Citation style for this article: Mounchetrou Njoya I, Deghmane AE, Taha MK, Isnard H, Parent du Châtelet I. A cluster of meningococcal disease caused by rifampicin-resistant C meningococci in France, April 2012. Euro Surveill. 2012;17(34):pii=20254. Available online: http://www.eurosurveillance.org/ViewArticle.aspx?ArticleId=20254
Date of submission: 10 August 2012

In April 2012, a cluster of two cases of meningococcal disease caused by rifampicin-resistant C meningococci was reported in the Champagne-Ardenne region, France. The two cases occurred in a student population living in the same town but studying at different schools. Bacteriological and epidemiological investigations of cases have shown that the isolates of both cases were non-differentiable.


Background

Neisseria meningitidis is a strictly human bacterium encountered in the pharynx in about 10% of the general population (asymptomatic carriage) [1]. This bacterium can also cause severe infections (mainly septicemia and meningitis) [2].


In France, the annual incidence of invasive meningococcal disease (IMD) varies between 0.9 and 1.5 cases per 100,000 population. Cases are mainly due to meningococci of serogroup B and C (65% and 27% respectively for the last 10 years) [3]. Chemoprophylactic treatment with rifampicin is particularly useful in preventing secondary cases among close contacts of a patient with IMD and in stopping the spread of pathogenic N. meningitidis. Rifampicin is recommended as first-line agent for chemoprophylaxis among contacts of patients with IMD in several European countries [4]. The efficacy of the chemoprophylaxis is usually estimated by the reduction of carriage rate of meningococci. This reduction has been reported to range between 82% and 98% at 7–14 days of follow-up [5–7]. Resistant meningococcal isolates may emerge among 10–27% of treated carriers [8, 9]. However, several studies have reported that rifampicin resistance is rare in invasive meningococcal isolates [10]. According to the annual report of the National Reference Center for Meningococci (NRCM) in Paris, the incidence of rifampicin-resistant meningococci isolated in France averages one per year with no expansion of these isolates and no secondary case [11]. We describe here the detection of a cluster of two cases of rifampicin-resistant C meningococci that were reported in the Champagne-Ardenne region, France in 2012.


Case reports

A student in his early twenties (Case one) presenting with signs of meningitis was admitted mid-April 2012 to a hospital, in the Ile-de-France region. The case who lived and studied in a town in the Champagne-Ardenne region, close to the Ile-de-France region, was immediately treated with cefotaxime and amoxicillin. Cultures of the patient’s cerebrospinal fluid (CSF) and blood taken upon admission, yielded serogroup C meningococci. Following the French recommendations [12], rifampicin was recommended to the family and other close contacts three days hereafter, when the health agency in the Champagne-Ardenne region had received the notification. In addition to rifampicin, vaccination with meningococcal C conjugate vaccine was recommended for household contacts.
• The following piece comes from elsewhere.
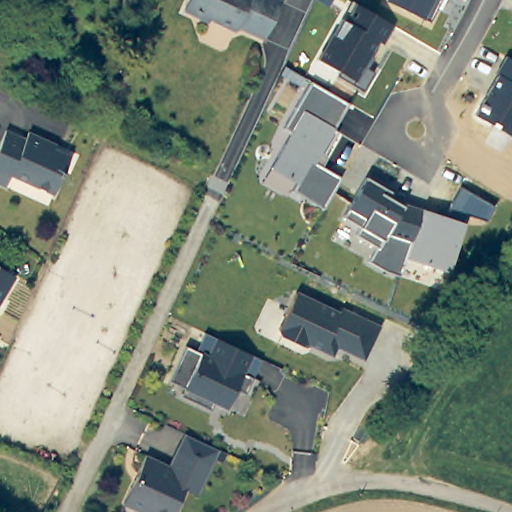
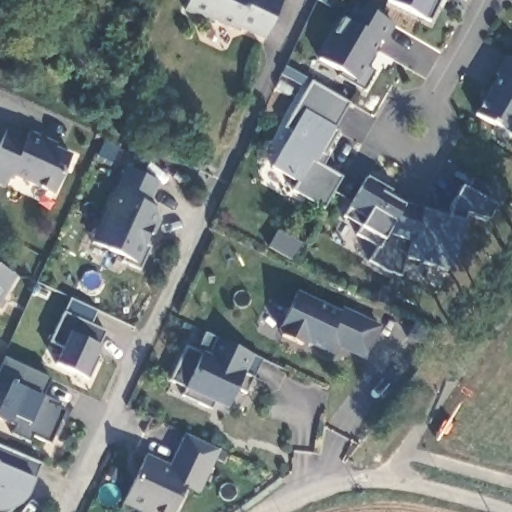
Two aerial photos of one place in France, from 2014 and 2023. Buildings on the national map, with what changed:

Eleven days after the notification of Case one, the health agency in the Champagne-Ardenne region received another notification of IMD. A student in his late teens (Case two) had been admitted the day before with signs of meningitis to a hospital, in the Champagne-Ardenne region and was immediately treated with cefotaxime and amoxicillin. Case two lived and studied in the same city as Case 1 but attended a different school, The CSF and blood cultures of Case two also yielded serogroup C meningococci.
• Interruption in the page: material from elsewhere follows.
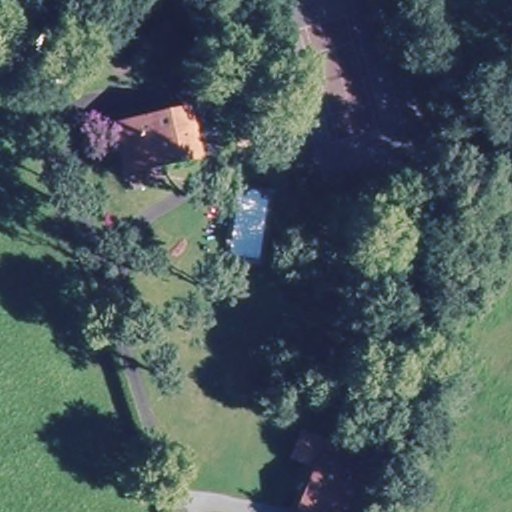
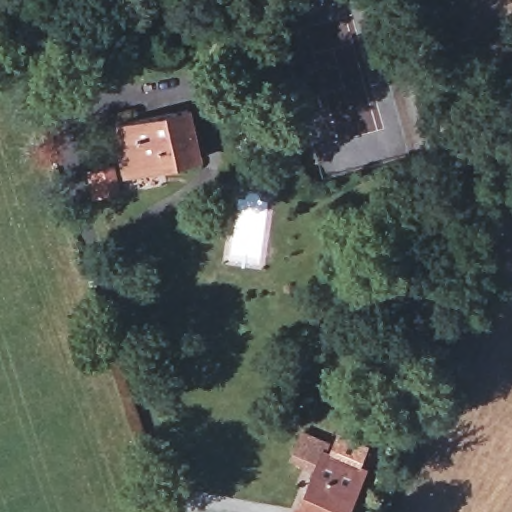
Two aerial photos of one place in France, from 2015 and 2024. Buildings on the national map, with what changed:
unchanged [(186,108),(197,156),(121,175),(110,125),(186,108)]
unchanged [(294,512),(313,468),(289,458),(299,435),(322,445),(319,454),(363,472),(346,512),(294,512)]

Family and close contacts of Case two were given the same recommendations as those of Case one. On the second day after admission of Case two, antibiotic sensitivity testing results showed that the strain was rifampicin-resistant. As a result, chemoprophylaxis for contacts was recommended to be repeated with ciprofloxacin or ceftriaxone [12].
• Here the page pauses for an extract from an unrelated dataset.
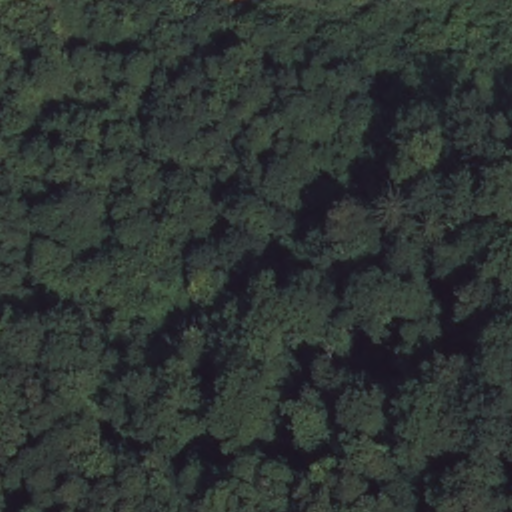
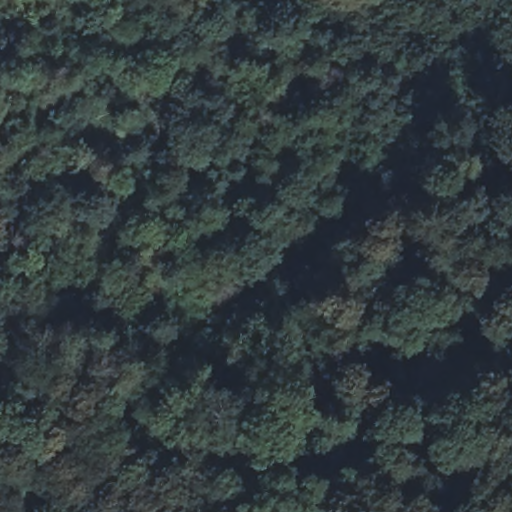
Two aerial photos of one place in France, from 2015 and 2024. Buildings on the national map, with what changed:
unchanged [(19,0),(41,0),(37,17),(16,10),(19,0)]

At the same time, the health agency in the Champagne-Ardenne region was informed that the strain of Case one was also rifampicin-resistant. However, it was then too late (delay >10 days), according to the French recommendations [12], to repeat chemoprophylaxis with ciprofloxacin or ceftriaxone for the contacts of the Case one.


Epidemiological investigations found that Case two had attended a party organised by the schoolmates of Case one two days after admission of the first case. 

Molecular typing

Strains of both cases were sent to the NRCM in Paris where phenotyping and genotyping was performed and rifampicin resistance confirmed. The characterisation by multilocus sequence typing, PorA variable regions, penA, FetA showed that the isolates were non-differentiable. The antigenic formula (serogroup: serotype: subtype) was C: NT: P1.7, 1. The genetic typing showed PorA VR1=7-1, VR2=1, FetA= F3-6 and penA3, and the strains were of the sequence type ST-11 (clonal complex ST-11). The resistance was due to the same mutation in the rpoB (D542V) that was previously reported to confer resitance to rifampicin [9]. A retrospective analysis revealed that in March 2012, a strain with identical markers had been isolated in a neighbouring region to the Champagne-Ardenne region. The patient was also a student, but we found no epidemiological link with the first and second cases described in this report.
 

Discussion and conclusion

In April 2012, at an approximate interval of 10 days, we observed two cases of IMD caused by rifampicin-resistant C meningococcus in students in the Champagne-Ardenne region. Failure of chemoprophylaxis, due to antibiotic resistance, could lead to the occurrence of secondary cases [13–15]. Therefore, the use of rifampicin in chemoprophylaxis against already resistant bacteria creates a positive selection for resistant strains that may then provoke secondary cases. The detection of the cluster of two cases with non-differentiable isolates of rifampicin-resistant C meningococci suggests the possible carriage and circulation of the ST-11 strain in the student population of the Champagne-Ardenne region. 

We could assume that Case one could have transmitted N. meningitidis to one or more of his contacts before admission. Contacts of Case one could then have transmitted it to Case two during the party organised on 18 April.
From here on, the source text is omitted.